Dalam ilmu-ilmu sosial yang berbicara tentang pengetahuan atau kognisi, ada dua disiplin besar, yakni psikologi dan antropologi. Psikologi memandang bahwa pengetahuan didapatkan dari proses perkembangan subjek sendiri. Antropologi melihat bahwa pengetahuan diperoleh dari proses kultural.
Teori kognisi ini kalau ditelusuri ke belakang, menemukan akarnya pada perdebatan antara David Hume dengan Immanuel Kant. Hume melihat bahwa pengetahuan merupakan pemecahan individu terhadap problem alamiah yang dihadapi individu tersebut ketika berhubungan dengan lingkungan dan orang lain.
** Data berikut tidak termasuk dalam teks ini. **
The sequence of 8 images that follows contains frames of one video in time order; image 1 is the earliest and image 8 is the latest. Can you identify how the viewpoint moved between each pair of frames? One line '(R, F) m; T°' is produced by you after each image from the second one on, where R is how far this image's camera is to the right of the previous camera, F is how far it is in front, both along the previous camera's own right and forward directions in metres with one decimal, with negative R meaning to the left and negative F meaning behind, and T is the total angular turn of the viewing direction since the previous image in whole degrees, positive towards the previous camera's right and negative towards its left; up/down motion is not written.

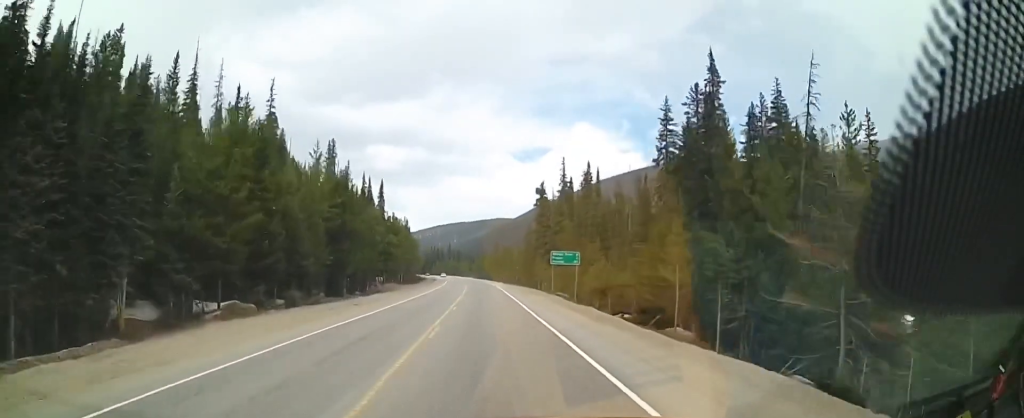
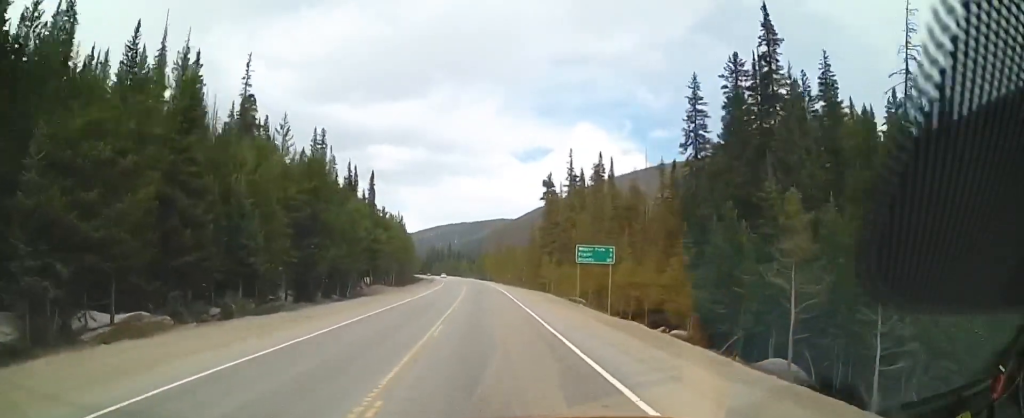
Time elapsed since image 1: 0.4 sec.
(-0.1, +10.8) m; -1°
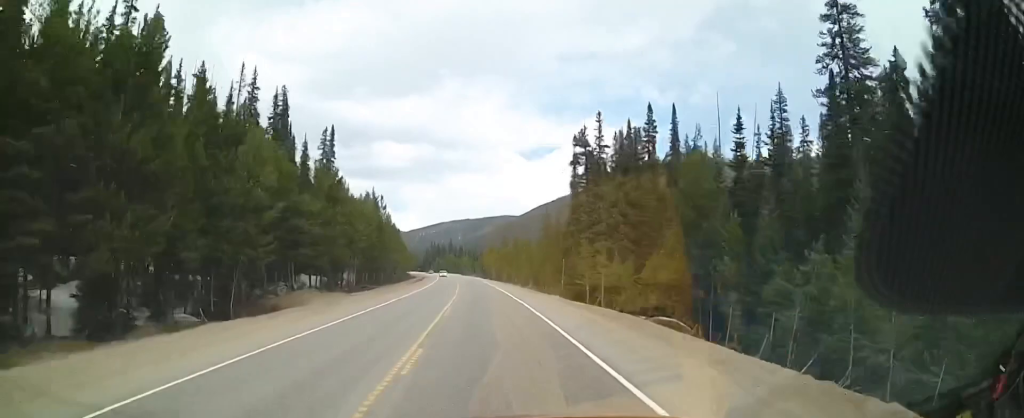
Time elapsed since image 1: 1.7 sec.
(-0.2, +30.6) m; 0°
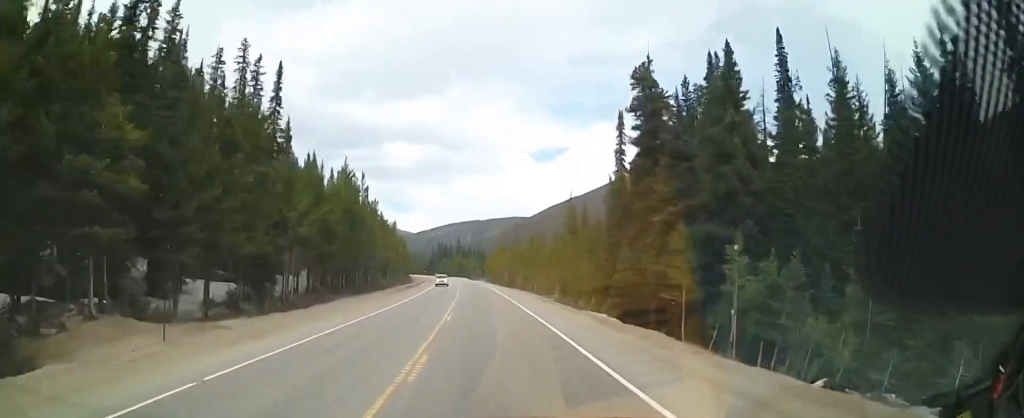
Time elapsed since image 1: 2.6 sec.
(+0.1, +23.8) m; -1°
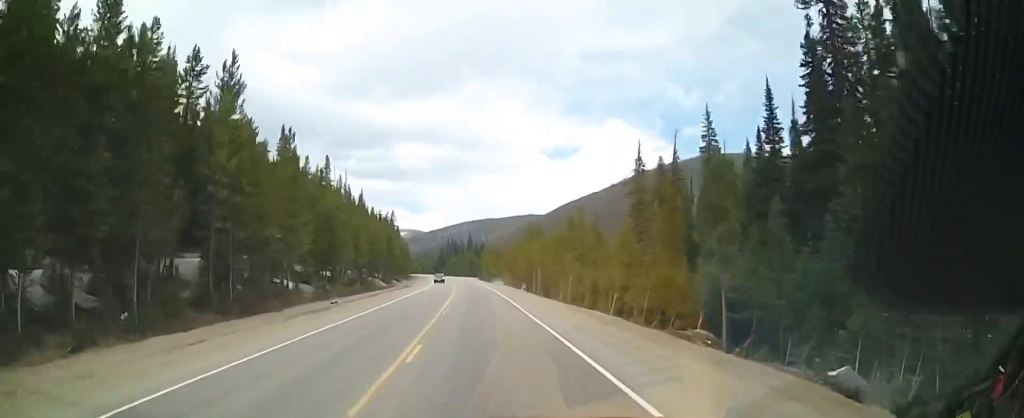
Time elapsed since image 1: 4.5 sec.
(+0.4, +45.7) m; +1°
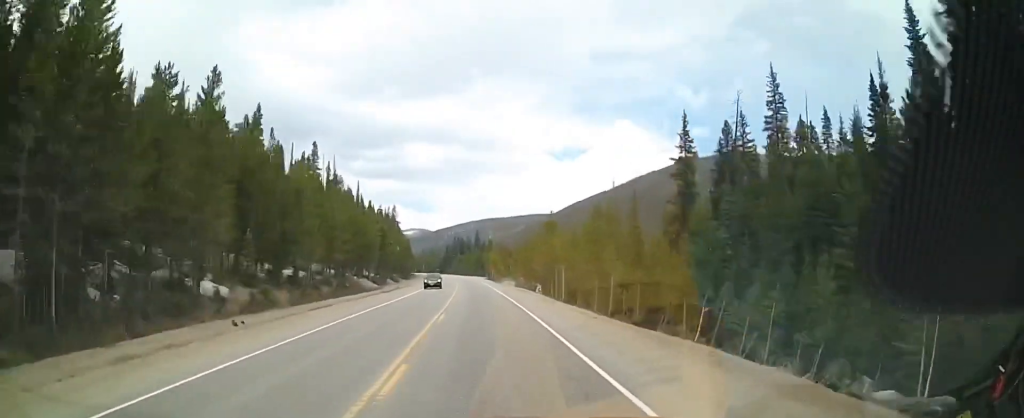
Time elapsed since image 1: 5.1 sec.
(-0.3, +15.1) m; -1°
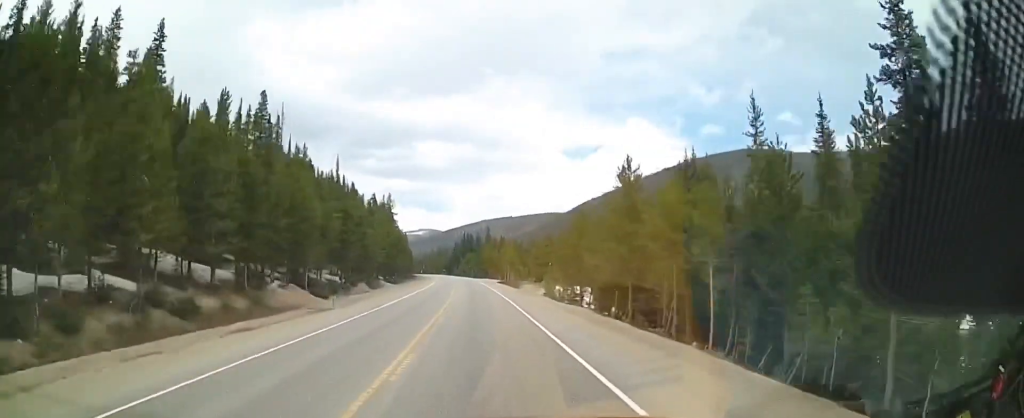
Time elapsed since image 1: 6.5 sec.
(-0.2, +33.1) m; 0°
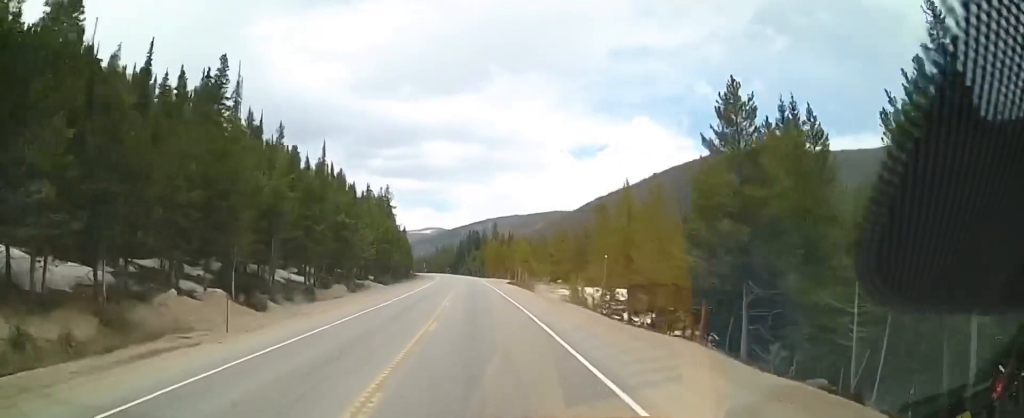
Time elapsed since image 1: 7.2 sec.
(0.0, +15.6) m; -1°
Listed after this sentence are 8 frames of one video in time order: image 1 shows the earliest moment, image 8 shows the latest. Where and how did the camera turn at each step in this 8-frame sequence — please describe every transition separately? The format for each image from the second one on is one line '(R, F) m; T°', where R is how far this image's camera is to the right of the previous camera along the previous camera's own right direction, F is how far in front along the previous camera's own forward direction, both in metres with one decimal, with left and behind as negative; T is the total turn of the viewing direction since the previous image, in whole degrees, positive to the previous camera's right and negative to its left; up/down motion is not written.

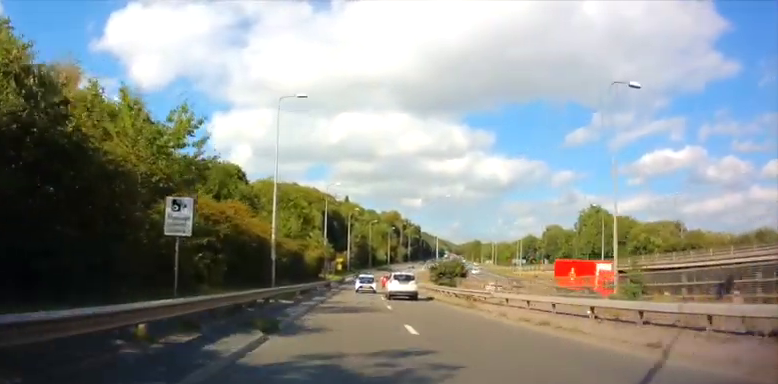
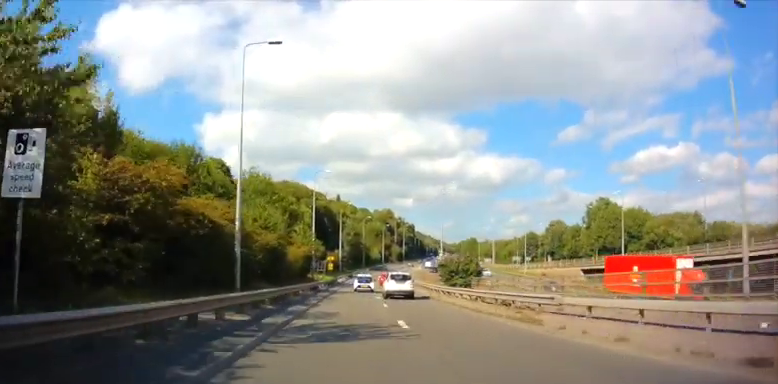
(0.0, +6.9) m; 0°
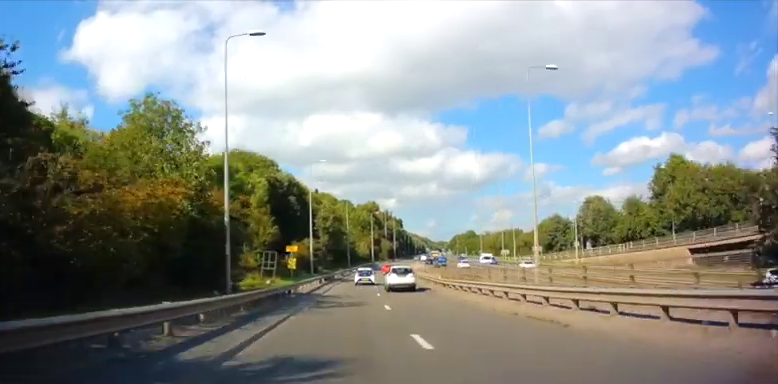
(0.0, +28.6) m; 0°
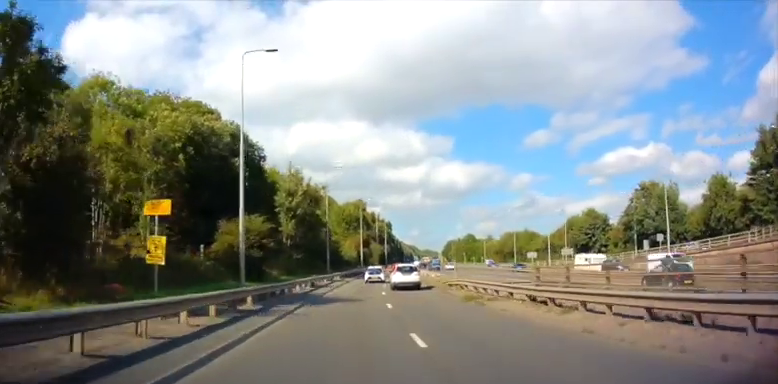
(0.0, +24.2) m; 0°
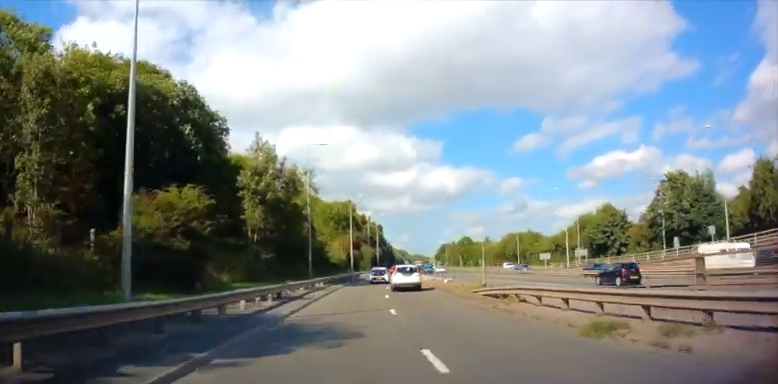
(0.0, +10.0) m; 0°
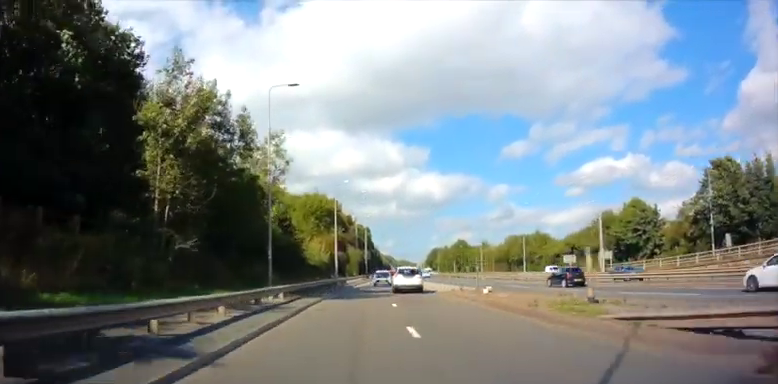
(0.0, +12.9) m; 0°
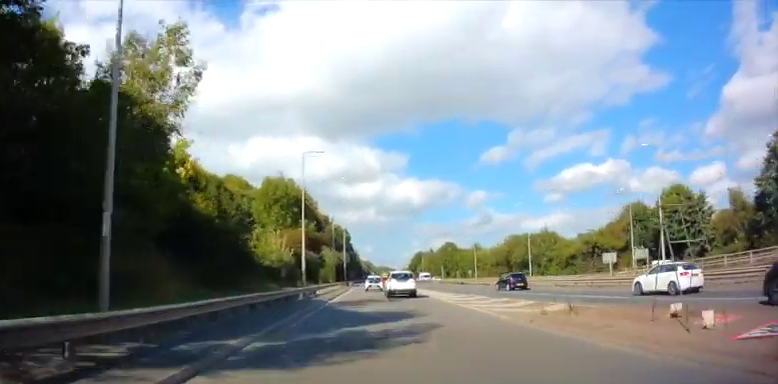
(0.0, +15.9) m; 0°
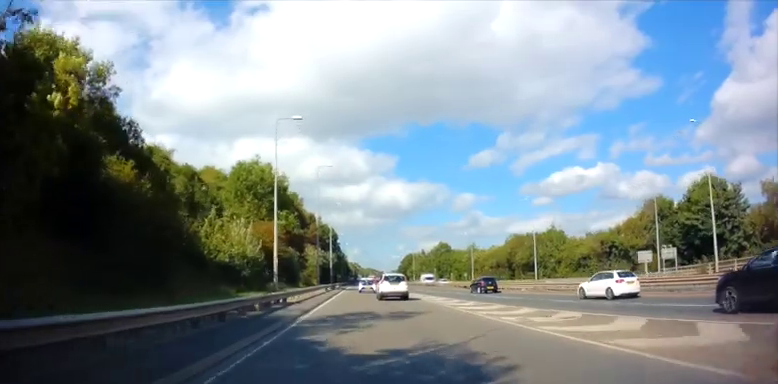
(0.0, +12.3) m; 0°

Pandangan ini disanggah Kant yang menegaskan bahwa manusia sebenarnya terpaksa di dalam memilih sistem kognitif tertentu. Manusia secara a priori memiliki sistem kategori sebanyak dua belas kategori yang menjadi basis kognitif manusia dalam berhadapan dengan dunia. Jadi, ia tidaklah sebebas seperti yang dikira Hume.
Dalam teori sosial, pandangan Kantian ini diwarisi oleh Durkheim yang melihat bahwa pengetahuan diperoleh dari masyarakat, dari proses sejarah yang diciptakan secara kolektif. Dalam proses sejarah ini terdapat pola-pola tingkah laku manusia yang merupakan bentuk eksternal dari norma-norma, adat-istiadat, dan tradisi. Pola-pola itulah yang kemudian menjadi fakta sosial. Bagi Durkheim, sebab penentu fakta-fakta sosial ini harus dicari di antara fakta-fakta sosial yang mendahuluinya bukan di antara keadaan-keadaan kesadaran individual. Marx juga mewarisi pandangan Kantian tentang kognisi. Namun Marx melihat bahwa ada dua proses yang berkaitan dengan peristiwa konstruksi pengetahuan. Proses yang pertama adalah pengetahuan ideologis, yakni sistem pengetahuan yang melegitimasi social order dengan menempatkan otoritasnya yang melanggengkan dominasi atas yang didominasi. Ringkasnya, pengetahuan ini adalah pengetahuan yang membalikkan proses sehari-hari. Sementara proses yang kedua adalah proses adaptasi kognitif yang merupakan proses kognisi non-ideologis. Pengetahuan ini adalah pengetahuan yang bersifat sehari-hari.
Seturut dengan Durkheim, para antropolog semacam Evans-Pritchard, Needham, maupun Sahlin juga menggemakan pandangan yang relatif mirip berkaitan dengan sistem kognitif. Pandangan mereka ini terserap dalam teori antropologi cukup kuat. Sistem kognitif dilihat sebagai prinsip-prinsip metafisik yang meringkaskan dan mensintesiskan yang tersurat terutama dalam ritual. Praktek-praktek ritual ini selain dilihat sebagai prinsip abstrak yang mengatur sistem, ia juga dianggap bersifat non-individual dan bersifat koheren secara internal. Di titik ini, kesimpulan teori antropologi tentang kognisi agaknya bisa ditarik, yakni tekanan pada historisitas dan kekhususan budaya.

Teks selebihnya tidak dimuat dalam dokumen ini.